The communication meta-frame has some power insofar as it is embedded in democratic political institutions and the culture at large. McKeon noted a cultural shift that was becoming apparent as he wrote in the 1950's, more than six decades ago: a growing tendency to see the problems that we face as problems of communication. McKeon speculated that society's awareness of communication problems had grown "as a result of the invention of instruments of communication and the massive extension of their use" -- a process that has only accelerated in recent times. He argued that we should state our problems as problems of communication in a pluralistic, democratic society that wants to solve problems without suppressing the diversity of viewpoints, and that we need to cultivate the art of deliberative rhetoric as a means to that end.

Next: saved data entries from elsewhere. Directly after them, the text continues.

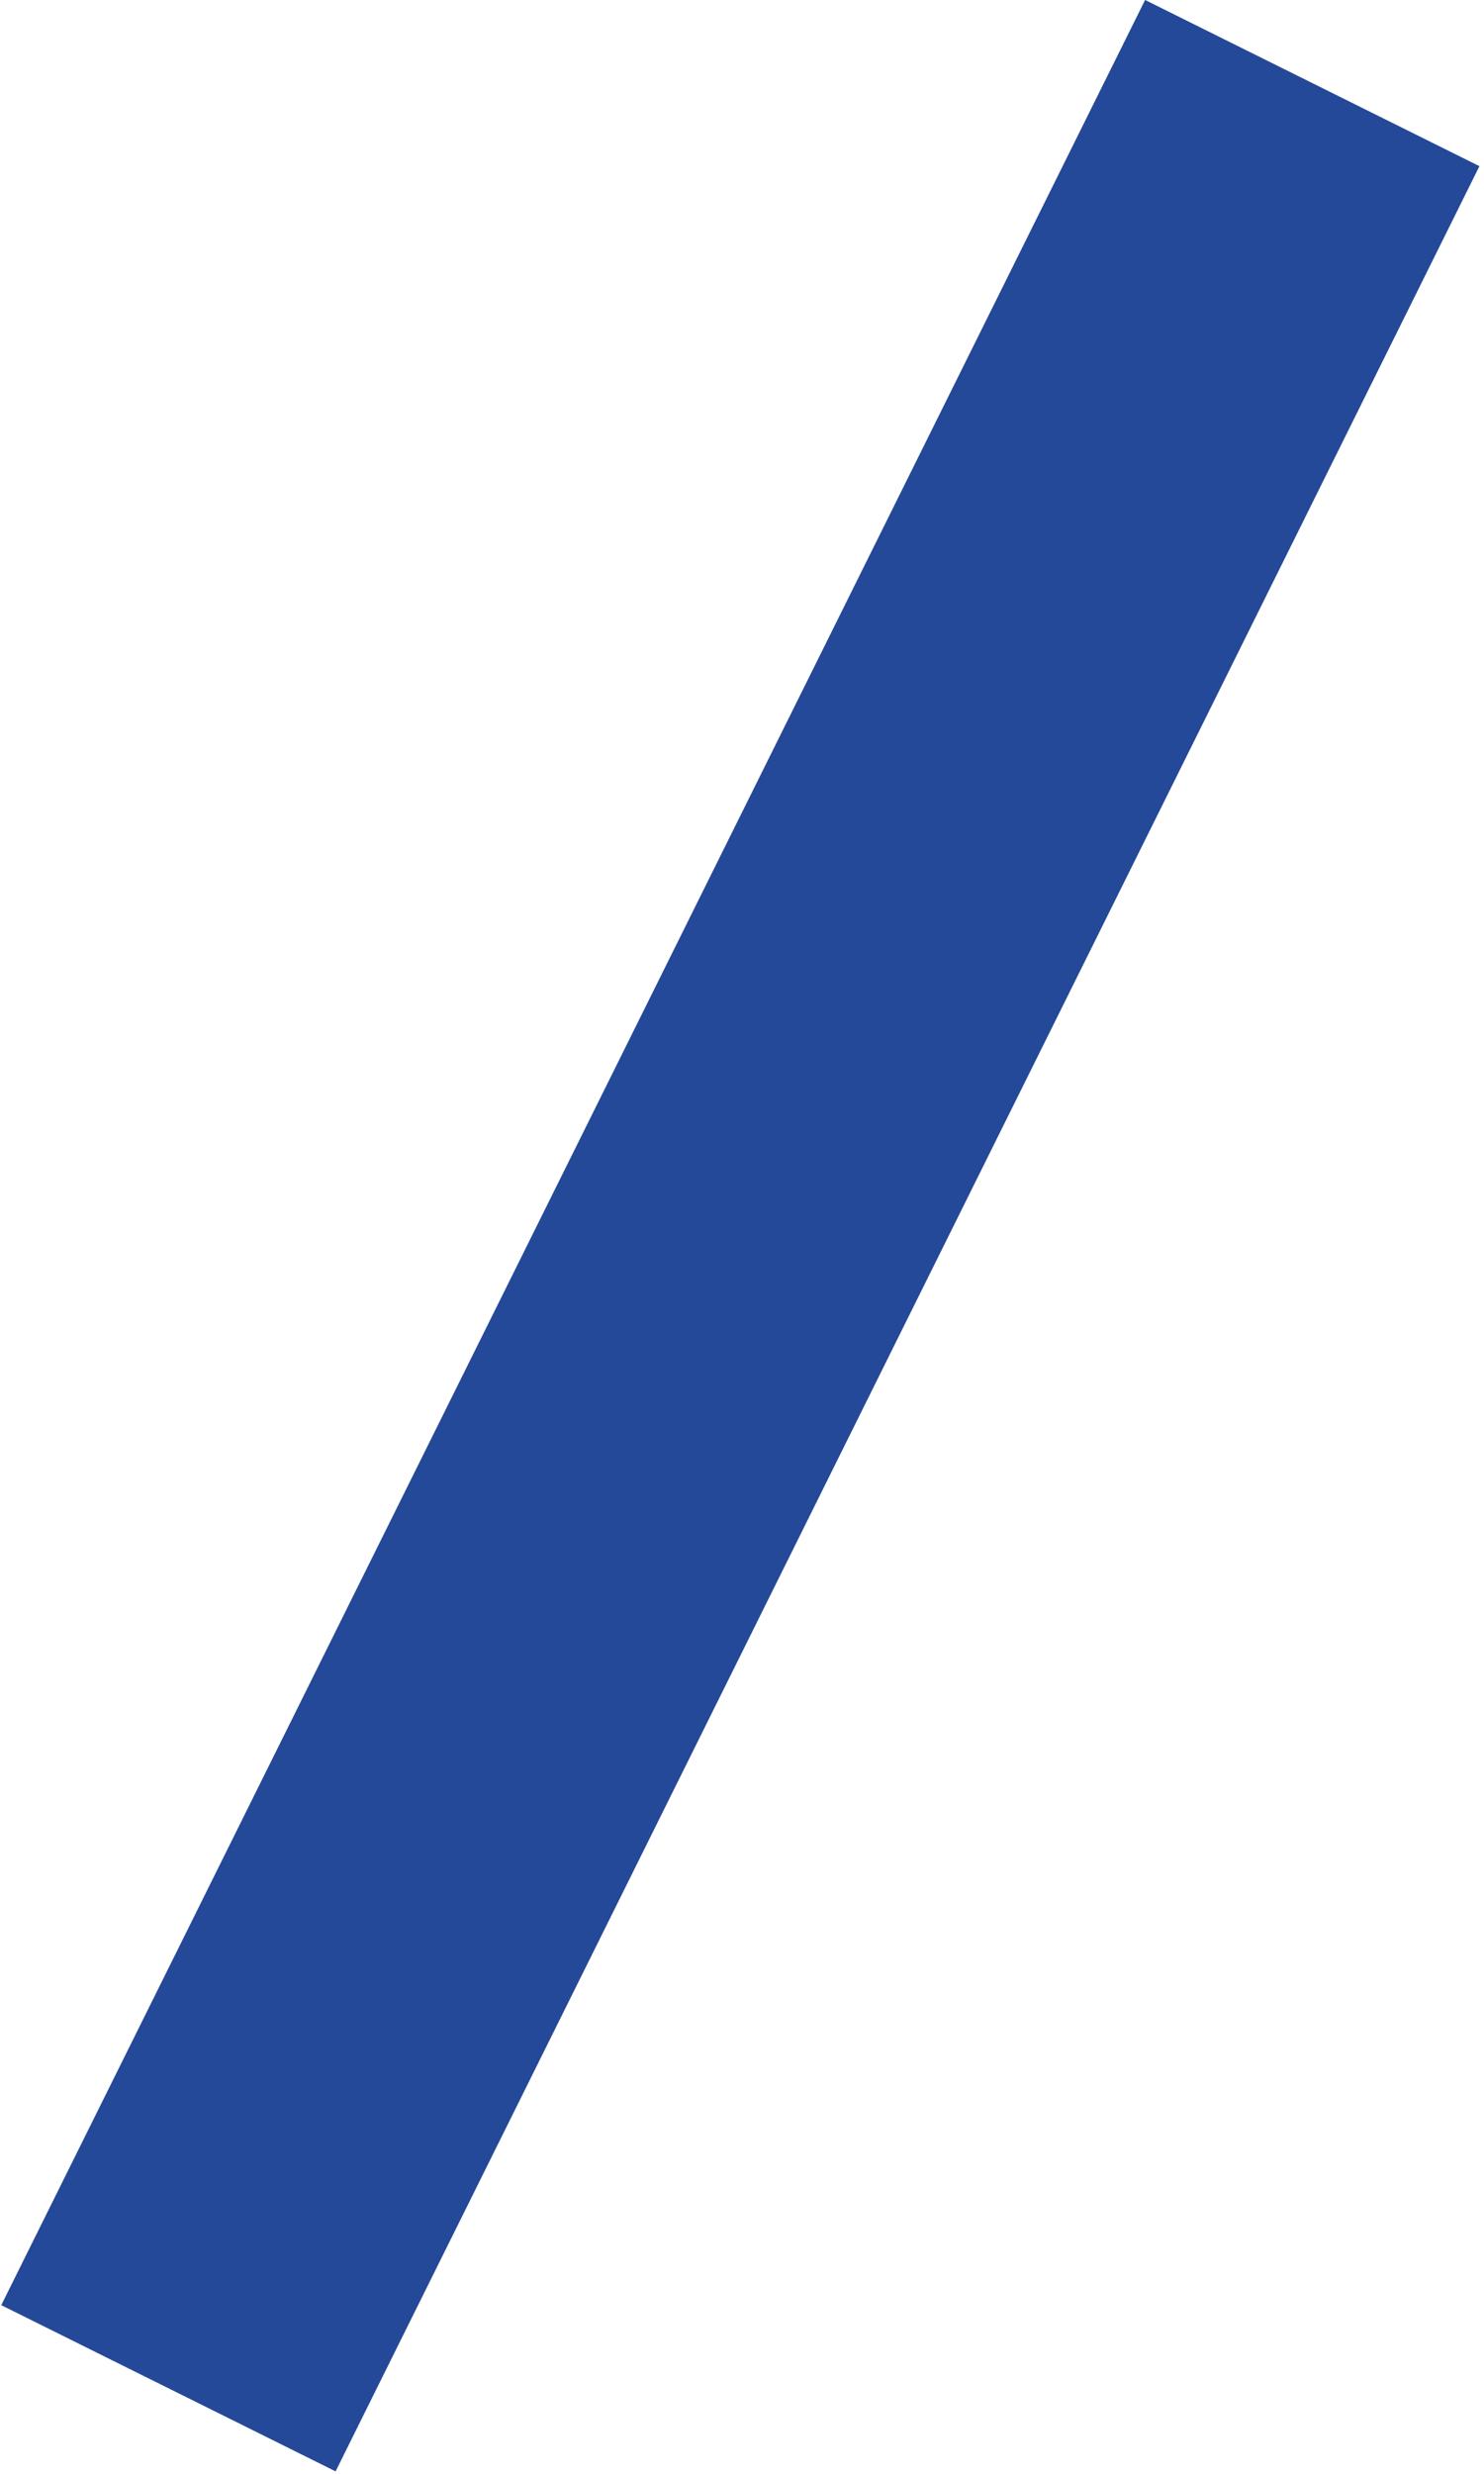 <?xml version="1.0" encoding="UTF-8"?> <svg xmlns="http://www.w3.org/2000/svg" width="296" height="493" viewBox="0 0 296 493" fill="none"> <rect width="74.427" height="512.7" transform="matrix(-0.896 -0.445 -0.445 0.896 295.089 33.113)" fill="#254999"></rect> </svg> 
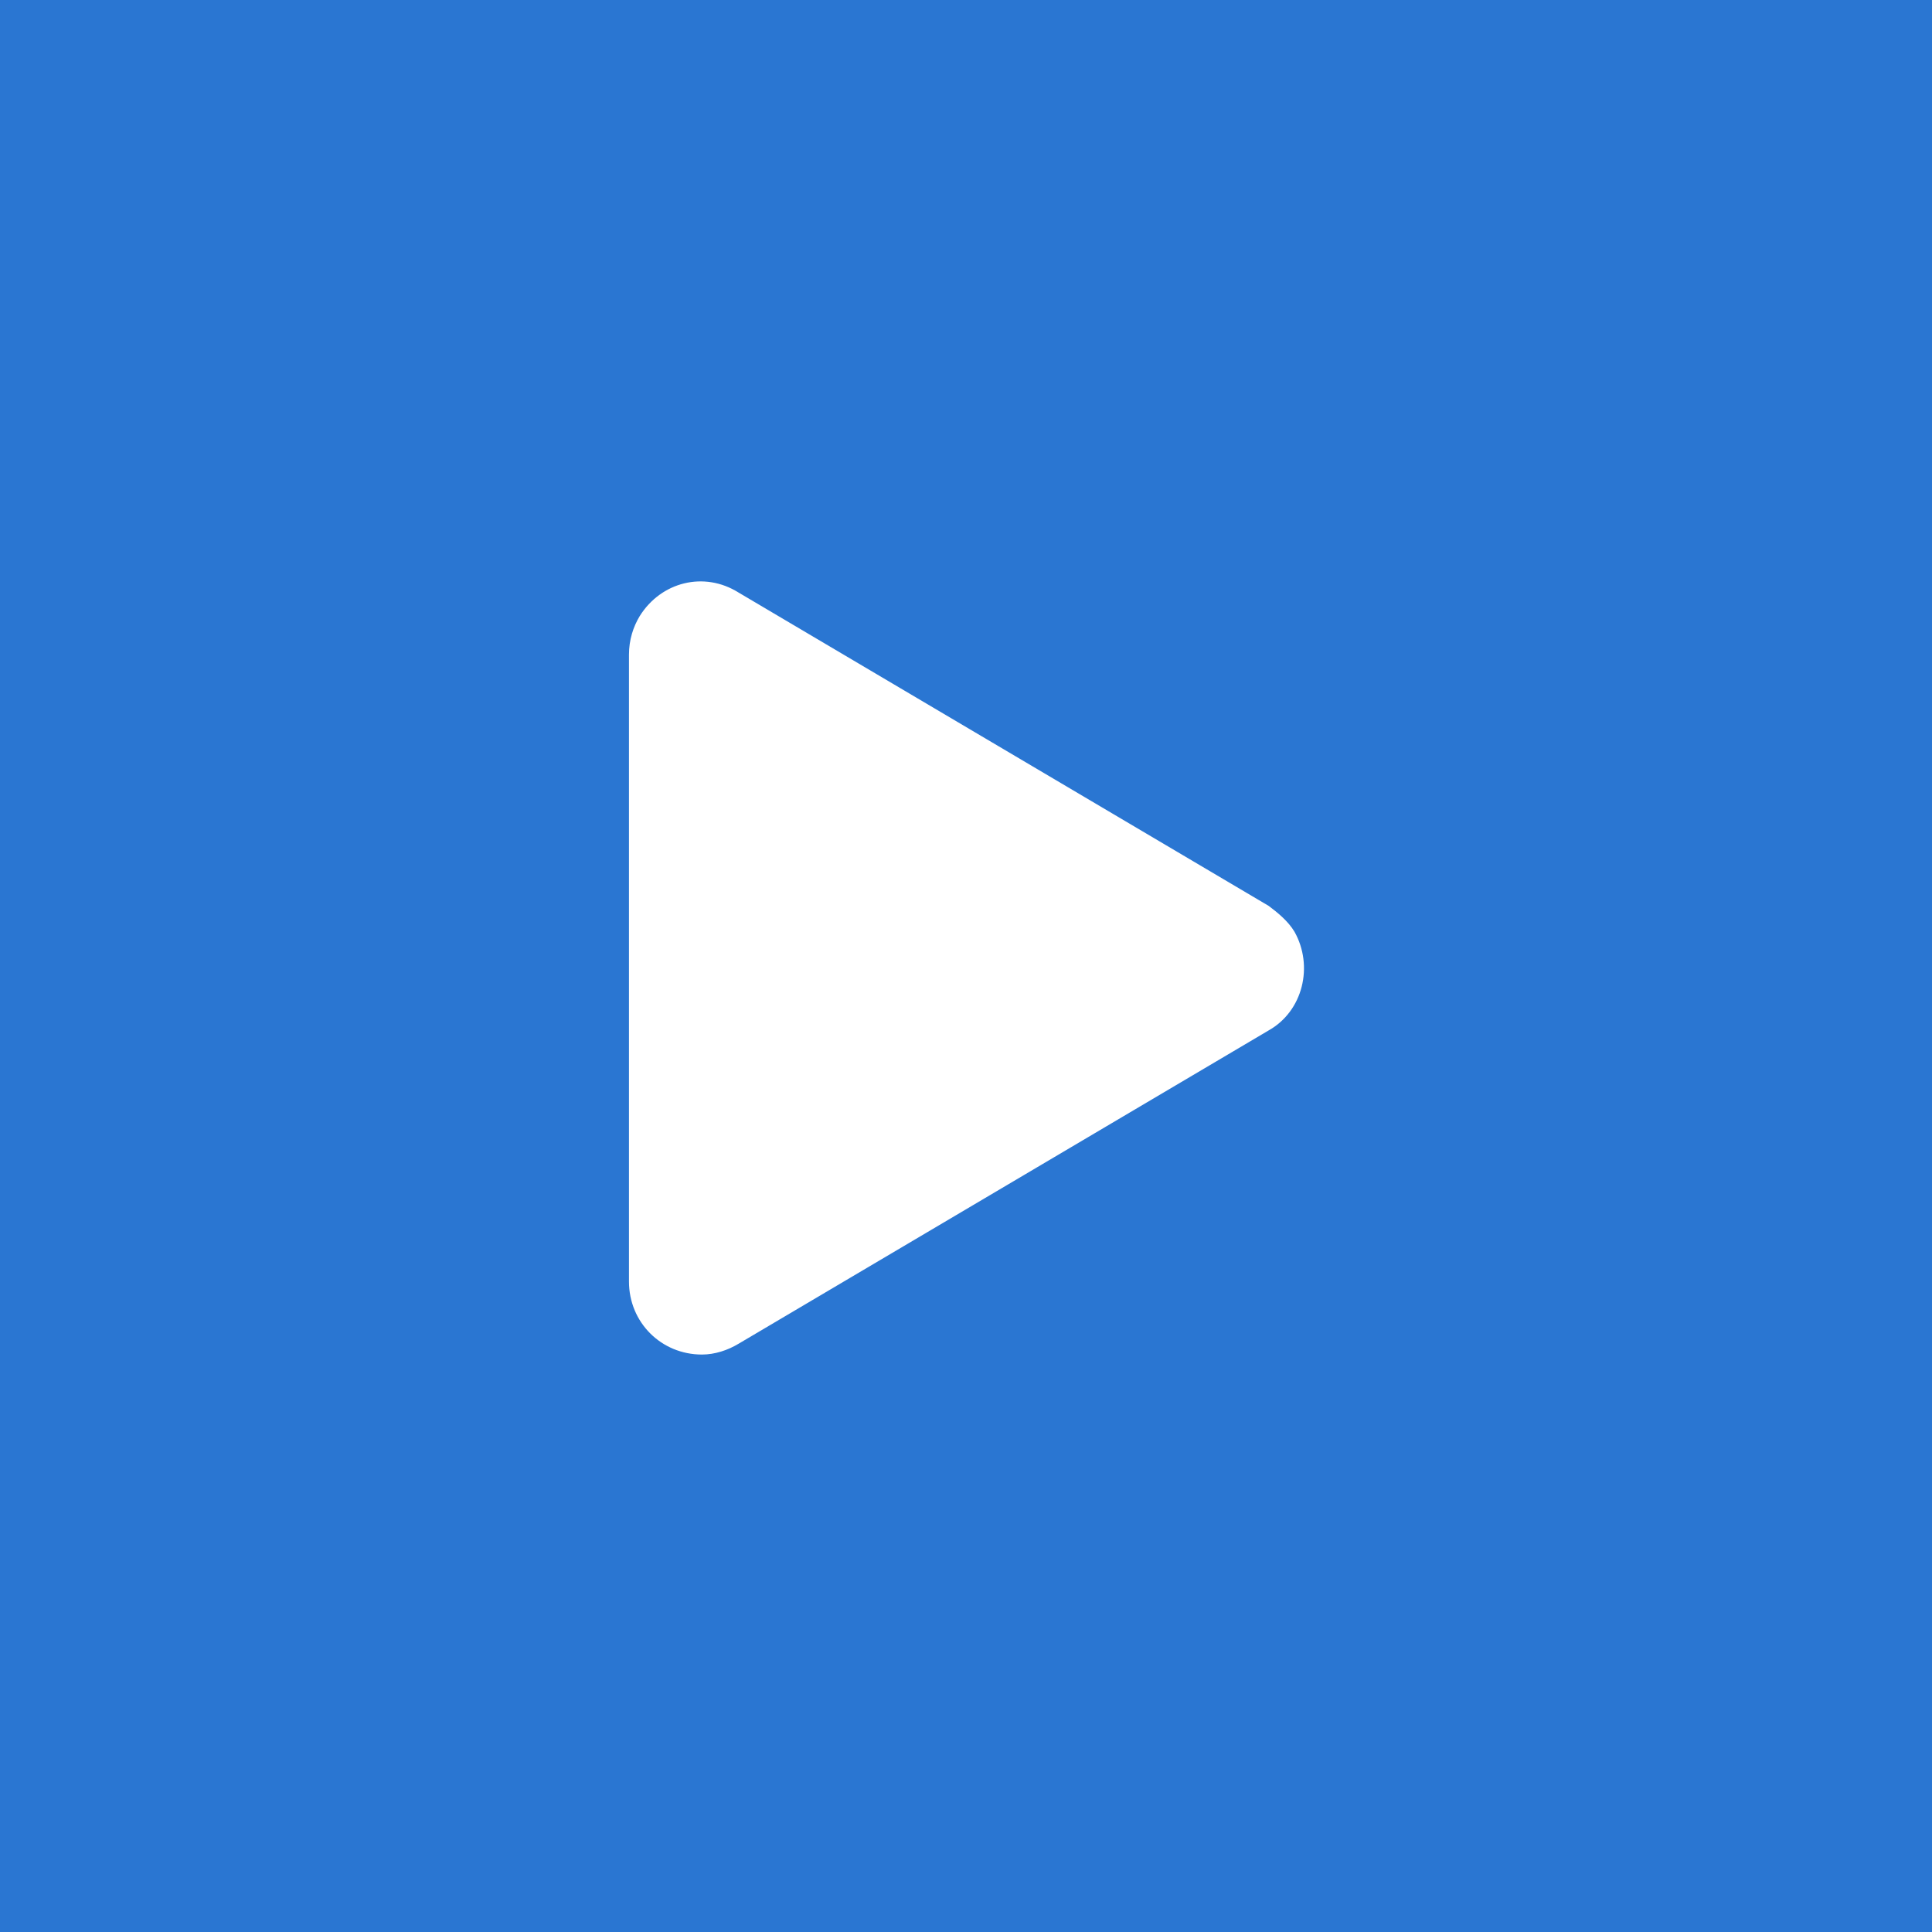 <?xml version="1.0" encoding="utf-8"?>
<!-- Generator: Adobe Illustrator 27.6.0, SVG Export Plug-In . SVG Version: 6.00 Build 0)  -->
<svg version="1.1" id="Layer_2_00000143616257631260157200000017918074474970519689_"
	 xmlns="http://www.w3.org/2000/svg" xmlns:xlink="http://www.w3.org/1999/xlink" x="0px" y="0px" viewBox="0 0 90 90"
	 style="enable-background:new 0 0 90 90;" xml:space="preserve">
<style type="text/css">
	.st0{fill:#2A76D2;}
	.st1{fill:#FFFFFF;}
</style>
<g id="Layer_1-2">
	<g>
		<rect id="Rectangle_93" y="0" class="st0" width="90" height="90"/>
		<path id="Icon_awesome-play" class="st1" d="M59.1,42.2L34.4,27.6c-1.6-1-3.6-0.5-4.6,1.1c-0.3,0.5-0.5,1.1-0.5,1.8v29.2
			c0,1.9,1.5,3.4,3.4,3.4c0.6,0,1.2-0.2,1.7-0.5L59.1,48c1.6-0.9,2.1-3,1.2-4.6C60,42.9,59.5,42.5,59.1,42.2L59.1,42.2z"/>
	</g>
</g>
</svg>

The alternative would be an authoritarian system that knows the one, officially "right" truth and does the one "right" thing, without discussion. It may be hard to hold on to the communication frame at a time when the one right thing to do seems obvious, as determined by experts, and in truth, problems are not always best stated as problems of communication. We don't need to communicate about a simple math problem. Some problems are like that. Other problems, including most of the real problems that we face, are complex and involve multiple conflicting interests, values and technical capabilities. Those problems need to be stated as problems of communication and we need better ways of talking about them.

Further Reading

McKeon, R. (1957). Communication, truth, and society. Ethics, 67, 89-99.